Imports¶

In [2]:

from fastai.text import *
from fastai.imports import *
from fastai.structured import *
from fastai.column_data import *
from torch.nn import functional as F
from sklearn.metrics import roc_auc_score
from sklearn.model_selection import train_test_split
from torch.nn.utils.rnn import pack_padded_sequence, pad_packed_sequence

/home/dg/anaconda3/envs/fastai/lib/python3.6/site-packages/sklearn/ensemble/weight_boosting.py:29: DeprecationWarning: numpy.core.umath_tests is an internal NumPy module and should not be imported.

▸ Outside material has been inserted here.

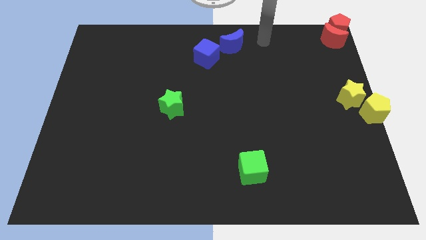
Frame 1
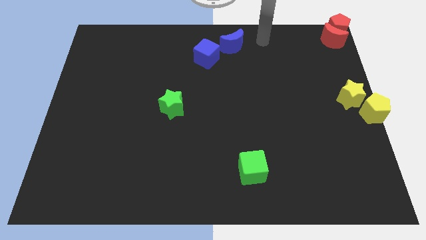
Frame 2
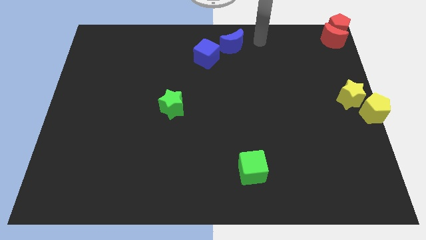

It will be removed in a future NumPy release.
  from numpy.core.umath_tests import inner1d

In [3]:

import gc
import pdb

Data processing¶

Func¶

In [4]:

def scale_vars(df, mapper, scale_col_exc):
    warnings.filterwarnings('ignore', category=sklearn.exceptions.DataConversionWarning)
    if mapper is None:
        map_f = [([n],StandardScaler()) for n in df.columns if is_numeric_dtype(df[n]) and n not in scale_col_exc]
        mapper = DataFrameMapper(map_f).fit(df)
    df[mapper.transformed_names_] = mapper.transform(df)
    return mapper

In [5]:

def proc_df2(df, y_fld = None, skip_flds=None, do_scale=True, scale_col_exc = None, na_dict=None,
             preproc_fn=None, max_n_cat=10, subset=None, mapper=None):
    if not skip_flds: skip_flds=[]
    if subset: df = get_sample(df,subset)
    df = df.copy()
    if preproc_fn: preproc_fn(df)
    if y_fld is not None: 
        y = df[y_fld].values
        df.drop(skip_flds+[y_fld], axis=1, inplace=True)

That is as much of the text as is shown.